The <<<>>> notation is used to designate the launching of a kernel and the parameters for the threads and blocks go within. The optimal block size is often constant for a designated class of systems, and so is provided as a preprocessor directive.

This multi-dimensional organization is largely for user convenience, as much of the data utilized by GPU processes are often multi-dimensional as well. I also think the multi-dimensionality could be somewhat representative of the physical layout of the cores on a GPU, but this is just a hunch.

Much of the information covered in this section is explained in greater detail on NVIDIA's own explanation of CUDA programming.

Performance Comparison

All of the following graphs measure the time for a training cycle excluding picking a mini-batch.
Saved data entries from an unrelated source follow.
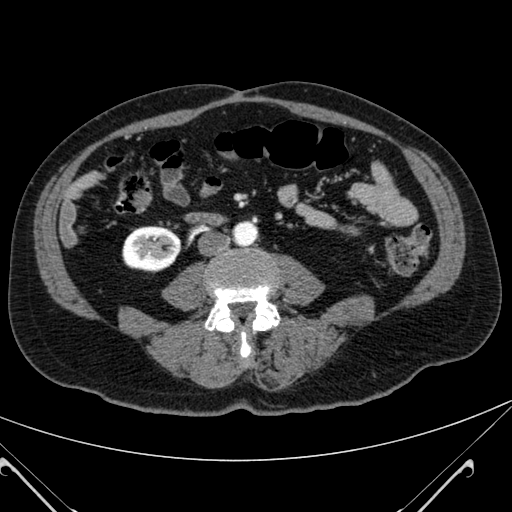 CT; Abdomen
<segmentation>
  <kidney>box(123, 227, 179, 269)</kidney>
</segmentation>
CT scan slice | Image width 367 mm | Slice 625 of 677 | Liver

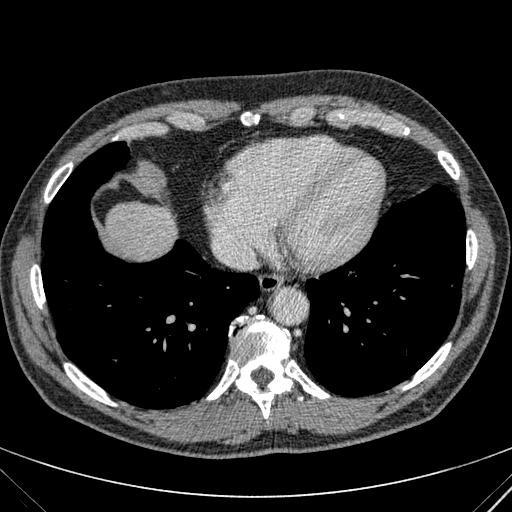

liver: region(106, 204, 175, 259)
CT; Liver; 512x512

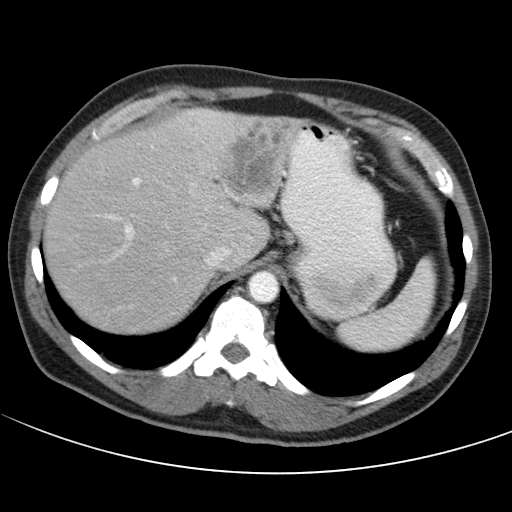

The vessel boxes may cover only some of the vessels.
hepatic_vessel:
  - bbox(206, 247, 228, 268)
  - bbox(106, 215, 117, 218)
  - bbox(133, 178, 138, 183)
  - bbox(124, 225, 132, 236)
  - bbox(233, 196, 237, 199)
liver_tumor:
  - bbox(280, 122, 289, 130)
  - bbox(229, 123, 275, 193)
  - bbox(211, 177, 222, 186)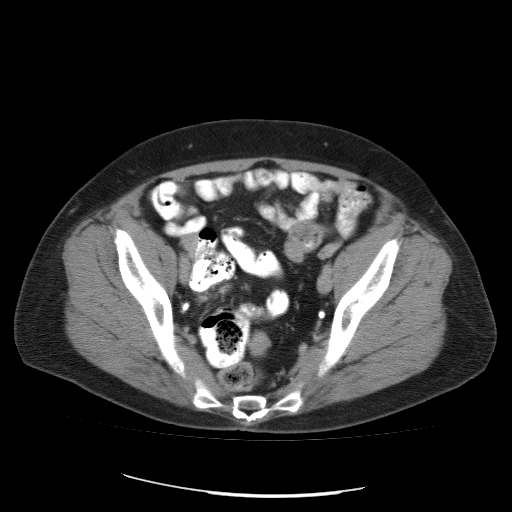

CT scan slice. Pelvis.

The colon tumor is bounded by (249,331,269,354).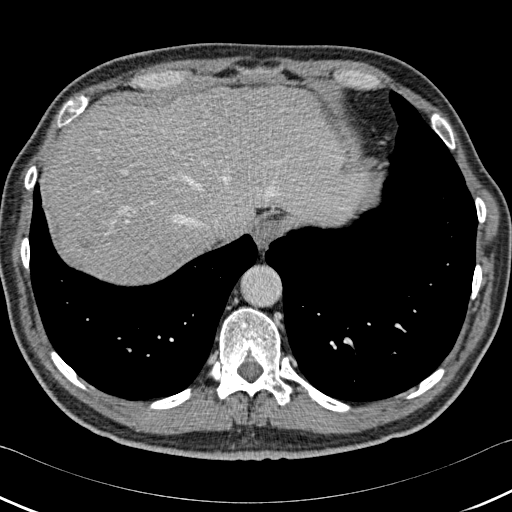
Upper abdomen; CT image

Bone at (25, 166, 36, 189), (471, 265, 481, 298), (407, 369, 443, 398), (431, 114, 454, 148), (58, 97, 87, 126), (150, 389, 190, 409), (51, 352, 86, 389), (211, 308, 349, 411), (475, 198, 485, 222), (21, 238, 29, 268).
Hepatic lesion at (79, 238, 92, 247).
Lung at (265, 90, 478, 405), (29, 182, 260, 400).
Liver at (40, 85, 370, 284).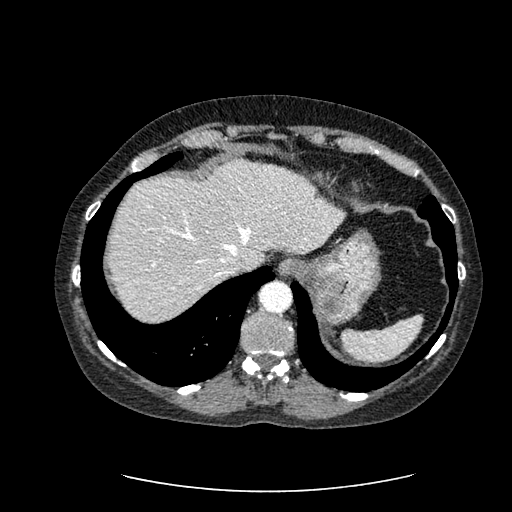 Computed tomography

Annotated regions:
* liver lesion: l=314, t=191, r=322, b=199
* liver: l=110, t=161, r=343, b=321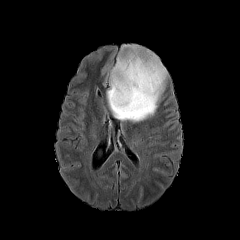
FLAIR MR image.
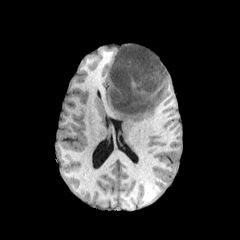
T1-weighted MRI.
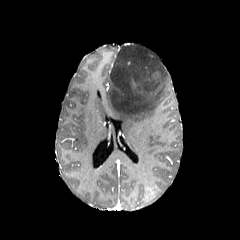
Post-contrast T1-weighted MR image.
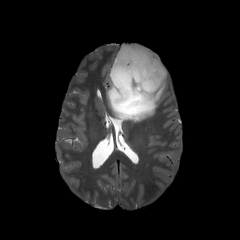
T2-weighted MRI of the same slice.
<segmentation>
  <edema>box(105, 58, 167, 123)</edema>
</segmentation>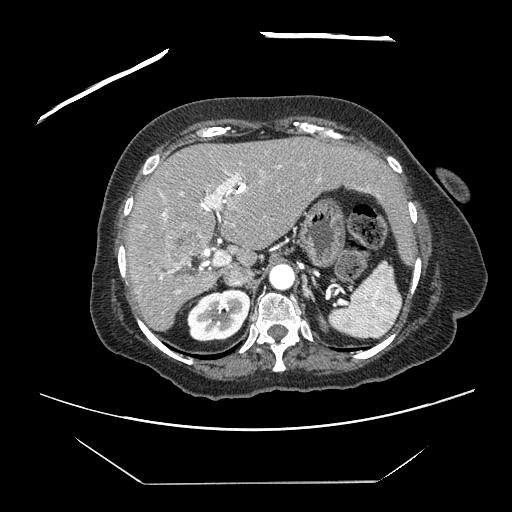 Liver. Computed tomography.
Only some of the vessels may be annotated.
liver tumor: x1=167 y1=226 x2=199 y2=262 | hepatic vessel: x1=213 y1=250 x2=229 y2=264, x1=181 y1=193 x2=182 y2=194, x1=200 y1=174 x2=241 y2=209, x1=163 y1=213 x2=165 y2=215, x1=169 y1=270 x2=174 y2=271, x1=318 y1=178 x2=319 y2=180, x1=161 y1=194 x2=163 y2=196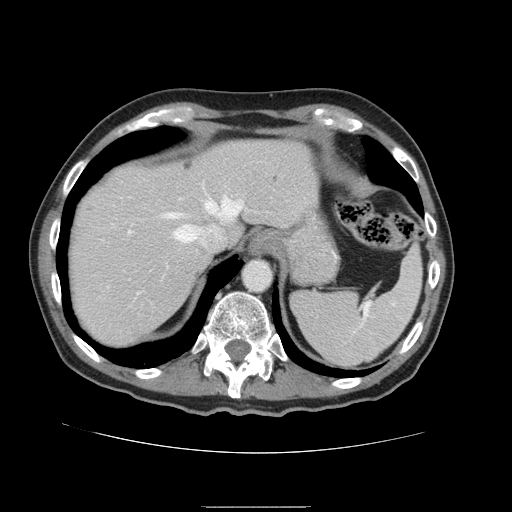
512x512; CT scan slice

Some hepatic vessels may have no box.
Hepatic vessel at x1=129, y1=231, x2=130, y2=233; x1=164, y1=212, x2=180, y2=217; x1=173, y1=197, x2=241, y2=252.
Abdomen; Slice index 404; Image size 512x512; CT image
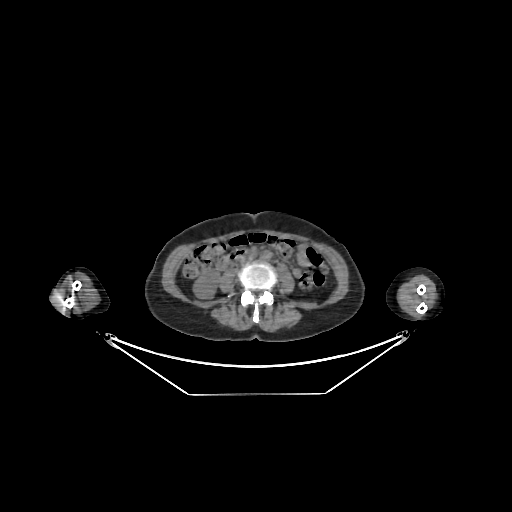
kidney: 193:267:221:298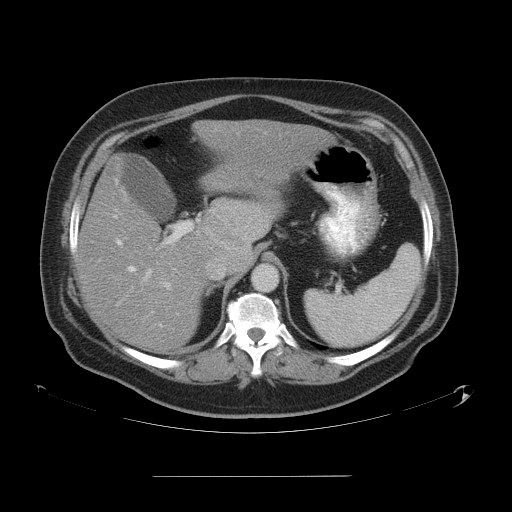

Liver; CT scan slice
The vessel boxes may cover only some of the vessels.
Hepatic vessel: bbox=[143, 269, 151, 280]; bbox=[166, 240, 175, 244]; bbox=[117, 240, 121, 244]; bbox=[161, 282, 170, 289]; bbox=[113, 215, 117, 217]; bbox=[210, 210, 213, 212]; bbox=[158, 324, 162, 326]; bbox=[128, 266, 135, 271]; bbox=[234, 230, 237, 233]; bbox=[206, 229, 212, 237].
Liver tumor: bbox=[216, 224, 242, 248].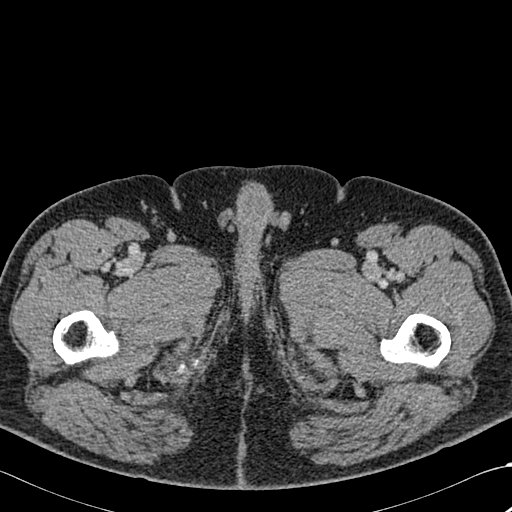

This means the forward and backward progations, as well as the parameter updates. Each setup was run for 50 iterations and measures the loss over time and the distribution of iteration times in microseconds.

CPU-only network using std::vector. Iteration time approximately 3430 ms.

CPU-only network using arrays. Iteration time approximately 428 ms.

CPU network using GPU matrix multiplication. Iteration time approximately 18 ms.

GPU network. Iteration time approximately 12 ms.

From the original std::vector approach, the final network had about a 285x speedup. From the array-based CPU network, the final network had about a 35x speedup.

How to make it even faster

There are a couple ways to make the network inference and training faster with GPU acceleration.

Firstly, the overhead of copying data between the CPU and GPU can be dramatically decresed by performing whole layers on GPU. Currently, each individual operation in a layer happens in its own kernel, but by combining this into a single kernel for each layer, it's possible that the network inference could be considerably sped up.

Secondly, much of the time spent during the training of the network is dedicated to getting training data. This process is currently entirely CPU-controlled, but by transferring this to the GPU, I'm sure the training speed would increase dramatically. However, I'm not well-versed in GPU memory management enough to implement that mylself, so I'll just leave it as a thought.

Source code

The source code for this project exists at its GitHub repository. The cpu-only branch contains a snapshot of the project from before the GPU parts were implemented while the master branch contains the GPU setup.